5. No more loud arenas: How would you like it if I came to your work and threw waffles at you while you were on a sales call? Would you like it if me and some friends spilled beer on you while trying to climb into your cubicle? How would you like it if after watching you work I called CEO's office to rant that you suck. I'll say it's because your manager blows at coaching young salesmen and that your potential is being wasted because he's only letting you sell 15 minutes a shift. What if I carried signs in front of your cubicle suggesting you should be traded to staples for a bag of stationery? What if I vandalized your Audi R8 in the parking lot after you blew that big merger? No more! From now on proper church etiquette is to be observed while our angels play.
6. No more tears: Coaches aren't allowed to yell at players any longer. Yelling causes stress and probably takes 5-6 years off the player's lives. That's not just a regular life either. These guys have 20-30 million to spend in their golden years and dying is just throwing that great life away. If they were ordinary people, then who cares really. But these are the cream of our society. They're the types who appreciate tennis. Coaches are to use kind words only.
7. No more sticks: Hockey sticks are pointy and sharp. They're basically a Mach 3 swipe away from medieval swords. I want to watch the Columbus Blue Jackets, not the Knights of Columbus. Sticks should be dropped in favour of American Gladiator joust sticks. They're designed with safety in mind, are paddded, and have no pointy parts. In case a rogue brute decides to ask for the banhammer and brushes a player with his joust stick it will only inflict minimal damage. The offending player must pay for a full pedicure to the injured party.
8 No more Hockey. The word Hockey makes me think of people spitting on each other in an anarchistic riot. It also makes me think of unkempt women in garter belts selling their souls to temptation. Sometimes it makes me think of little kids in kindergarten skipping school to smoke pot and rob liquor stores while listening to crazy jazz music. Those are not images I want to have in my virginal mind. From now on we will call it Hopey and it will bring positive vibes and balanced chakras to all involved.
9. No more skates: Skates are basically Ginsu 2000's attached to shoes. What kind of Hitler loving person thought of this idea? Will anyone think of the children? There is no end to the depravity of this sport. In my perfect league (called HEL by the way for Hopey Eden League) we will play on Craftmatic adjustable mattresses.
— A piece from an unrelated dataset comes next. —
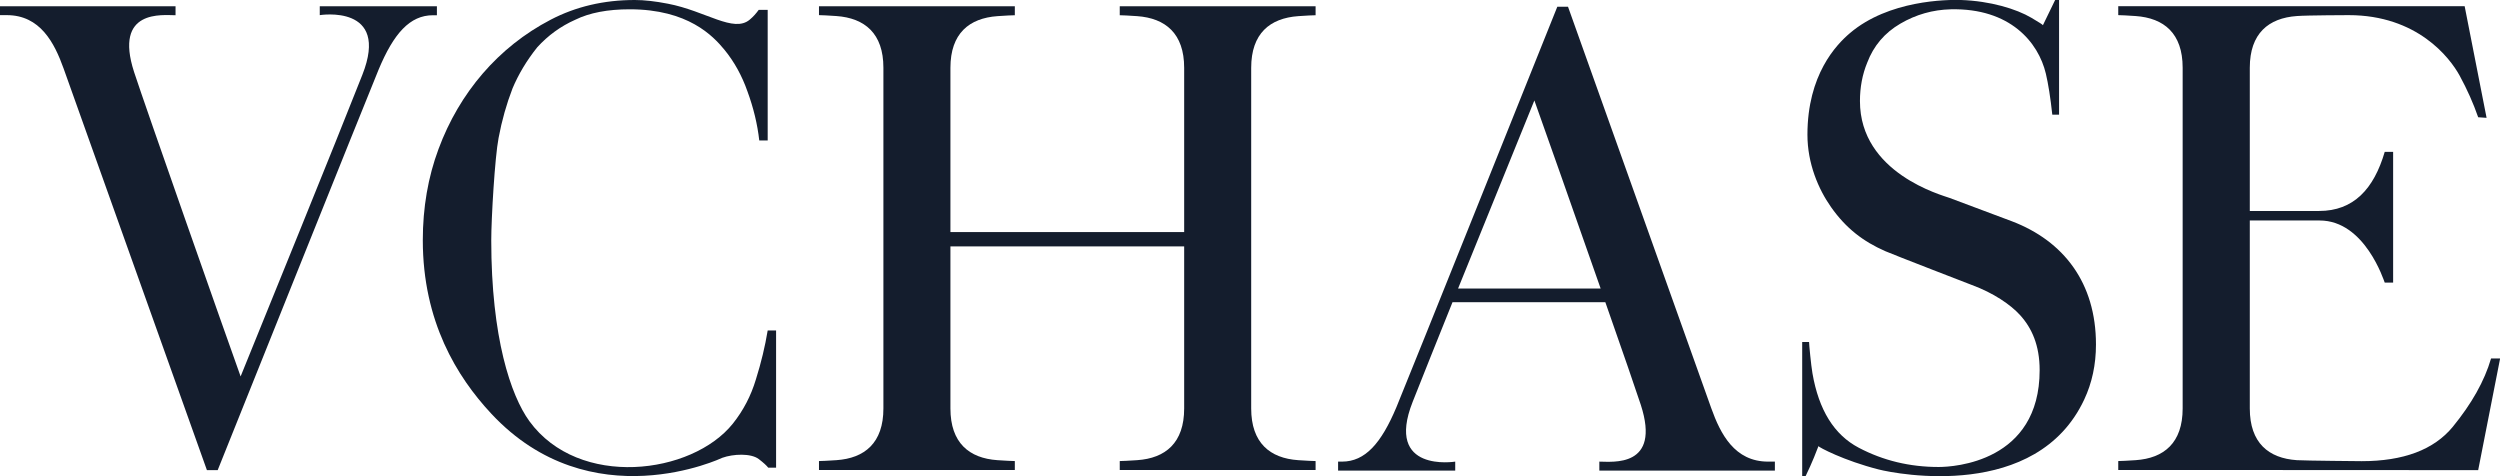 <?xml version="1.0" encoding="UTF-8"?> <svg xmlns="http://www.w3.org/2000/svg" width="147" height="28" viewBox="0 0 147 28" fill="none"><g clip-path="url(#clip0_91_2781)"><path d="M12.164 27.637C12.164 27.637 3.986 4.713 3.742 4.034C3.197 2.511 2.362 0.89 0.398 0.89H0V0.369H10.322V0.896C9.565 0.896 6.682 0.521 7.883 4.232C8.518 6.183 13.23 19.576 14.148 22.134C14.854 20.4 15.997 17.573 17.595 13.637C19.187 9.709 20.426 6.631 21.305 4.403C22.962 0.218 18.796 0.89 18.802 0.89V0.369H25.69V0.896H25.459C24.098 0.896 23.148 1.971 22.262 4.093C21.697 5.444 12.8 27.644 12.8 27.644H12.171L12.164 27.637Z" fill="#141D2D"></path><path d="M28.886 24.322C26.864 22.154 24.861 18.897 24.861 14.125C24.861 12.207 25.169 10.414 25.786 8.76C27.012 5.451 29.303 2.762 32.378 1.16C33.855 0.389 35.504 0 37.327 0C37.88 0 38.528 0.073 39.273 0.218C41.506 0.646 43.137 1.958 44.087 1.153C44.286 0.989 44.459 0.791 44.613 0.58H45.14V8.259H44.645C44.536 7.297 44.305 6.341 43.952 5.379C43.625 4.443 43.169 3.625 42.598 2.927C41.93 2.116 40.46 0.547 37.026 0.547C35.729 0.547 34.663 0.751 33.829 1.16C32.969 1.542 32.224 2.083 31.589 2.782C30.972 3.553 30.491 4.357 30.138 5.194C29.785 6.11 29.509 7.079 29.316 8.114C29.098 9.234 28.886 12.853 28.886 14.132C28.886 19.84 30.029 23.248 31.127 24.764C34.034 28.758 40.691 27.914 43.092 24.909C43.708 24.137 44.157 23.274 44.446 22.312C44.755 21.33 44.986 20.367 45.14 19.431H45.634V27.499H45.172C45.082 27.38 44.896 27.209 44.613 26.991C44.151 26.642 43.111 26.688 42.469 26.919C42.469 26.919 34.74 30.604 28.886 24.322Z" fill="#141D2D"></path><path d="M105.975 20.11H106.373C106.373 20.242 106.489 21.474 106.572 21.949C106.944 24.111 107.85 25.568 109.294 26.326C110.732 27.084 112.298 27.459 113.993 27.459C114.891 27.459 119.931 27.163 119.931 21.765C119.931 20.301 119.468 19.28 118.775 18.522C118.223 17.915 117.215 17.223 115.938 16.755C115.938 16.755 111.258 14.949 110.86 14.771C109.564 14.204 108.543 13.427 107.663 12.174C106.925 11.126 106.277 9.617 106.277 7.923C106.277 4.39 107.972 2.63 108.78 1.944C111.059 0.007 114.468 -0.026 115.309 -6.10314e-05C117.023 0.059 118.557 0.521 119.449 1.048C119.898 1.312 120.123 1.457 120.123 1.483L120.842 -6.10314e-05H121.073V6.743H120.675C120.566 5.734 120.438 4.93 120.296 4.33C119.86 2.491 118.197 0.468 114.705 0.547C113.653 0.573 112.664 0.85 111.74 1.391C110.815 1.931 110.167 2.696 109.795 3.678C109.506 4.377 109.365 5.135 109.365 5.945C109.365 10.184 114.198 11.476 114.641 11.64L118.3 13.011C121.343 14.171 123.243 16.63 123.243 20.255C123.243 21.435 123.012 22.516 122.55 23.498C119.751 29.47 111.528 27.875 110.469 27.605C108.414 27.084 106.925 26.286 106.925 26.233C106.88 26.352 106.79 26.576 106.662 26.899C106.527 27.222 106.367 27.591 106.168 28H105.969V20.11H105.975Z" fill="#141D2D"></path><path d="M73.57 12.201V15.8C73.57 15.8 73.57 22.575 73.57 24.019C73.57 26.042 74.674 26.945 76.337 27.058C76.844 27.09 77.184 27.11 77.357 27.11V27.637H65.841V27.11C66.014 27.11 66.355 27.09 66.862 27.058C68.531 26.945 69.629 26.042 69.629 24.019C69.629 22.575 69.629 15.806 69.629 15.8V14.488H55.885V15.8C55.885 15.8 55.885 22.575 55.885 24.019C55.885 26.042 56.989 26.945 58.652 27.058C59.159 27.09 59.499 27.11 59.672 27.11V27.637H48.156V27.11C48.33 27.11 48.67 27.09 49.177 27.058C50.846 26.945 51.944 26.042 51.944 24.019C51.944 22.575 51.944 15.806 51.944 15.8V12.201C51.944 12.201 51.944 5.431 51.944 3.981C51.944 1.964 50.846 1.061 49.177 0.943C48.67 0.91 48.33 0.89 48.156 0.89V0.369H59.672V0.896C59.499 0.896 59.159 0.916 58.652 0.949C56.989 1.068 55.885 1.964 55.885 3.988C55.885 5.438 55.885 12.207 55.885 12.207V13.644H69.629V12.207C69.629 12.207 69.629 5.438 69.629 3.988C69.629 1.971 68.531 1.068 66.862 0.949C66.355 0.916 66.014 0.896 65.841 0.896V0.369H77.357V0.896C77.184 0.896 76.844 0.916 76.337 0.949C74.674 1.068 73.57 1.964 73.57 3.988C73.57 5.438 73.57 12.207 73.57 12.207V12.201Z" fill="#141D2D"></path><path d="M146.474 21.079C146.083 22.417 145.325 23.749 144.221 25.1C143.111 26.445 141.326 27.117 138.861 27.117C138.861 27.117 135.562 27.09 135.055 27.058C133.392 26.945 132.288 26.042 132.288 24.019C132.288 22.529 132.288 12.965 132.288 12.965H136.396C139.06 12.965 140.177 16.518 140.222 16.617H140.716V8.931H140.222C139.58 11.12 138.386 12.405 136.364 12.405H132.288C132.288 12.405 132.288 6.13 132.288 3.981C132.288 1.964 133.392 1.061 135.055 0.943C135.671 0.896 138.104 0.89 138.104 0.89C142.122 0.89 144.048 3.381 144.632 4.456C145.069 5.26 145.434 6.077 145.717 6.895L146.211 6.928L144.921 0.363H124.553V0.89C124.726 0.89 125.066 0.91 125.573 0.943C127.242 1.061 128.34 1.958 128.34 3.981C128.34 5.431 128.34 12.201 128.34 12.201V15.8C128.34 15.8 128.34 22.575 128.34 24.019C128.34 26.042 127.242 26.945 125.573 27.058C125.066 27.09 124.726 27.11 124.553 27.11V27.637H132.262L145.717 27.644L147.007 21.079H146.474Z" fill="#141D2D"></path><path d="M103.965 27.143C101.994 27.143 101.166 25.522 100.621 23.999C100.377 23.32 92.199 0.396 92.199 0.396H91.57C91.57 0.396 82.672 22.602 82.108 23.946C81.215 26.069 80.272 27.143 78.911 27.143H78.68V27.671H85.567V27.143C85.567 27.143 81.408 27.822 83.064 23.63C83.674 22.088 84.457 20.13 85.407 17.77H94.394C95.395 20.624 96.236 23.056 96.48 23.808C97.681 27.519 94.792 27.143 94.041 27.143V27.671H104.363V27.143H103.965ZM85.734 16.966C86.062 16.155 86.408 15.305 86.774 14.402C88.366 10.474 89.515 7.639 90.221 5.906C90.754 7.389 92.564 12.53 94.118 16.966H85.734Z" fill="#141D2D"></path></g><defs><clipPath id="clip0_91_2781"><rect width="147" height="28" fill="white"></rect></clipPath></defs></svg>

The playing surface will consist of the "sleeping beside my dentures performing my nose hair opus" preset, aka flat, and the boards will be Craftmatics' in the "watching TV with my 93 year old wife" preset, aka 45 degree angle. Everyone will get 1991 purple Champion shoes from the league to wear while playing.
10. No more puck: The puck. O......M......G...... In my educated opinion (and I assure you, I appreciate tennis) the puck was designed either by, Nero or Vlad the impaler. Although there is ample evidence to suggest Vlad also invented the hockey stick. Either way the puck will be replaced by the duck. The duck is 2 socks rolled into a ball. It is called the duck because ducks are positive creatures. Anaheim will be forced to change their name due to their new copyright infringement and from now on will be called the Angels as that is a beautiful word. Pending lawsuits against the new name will be won by HEL due to our positive karma and our strict adherence to the teachings of 'the secret'.
I think this would make for a much more pleasant league. I believe
Mr Cox The Great Almighty Bald Headed Penis God of Artisan Penmanship and Healing would agree.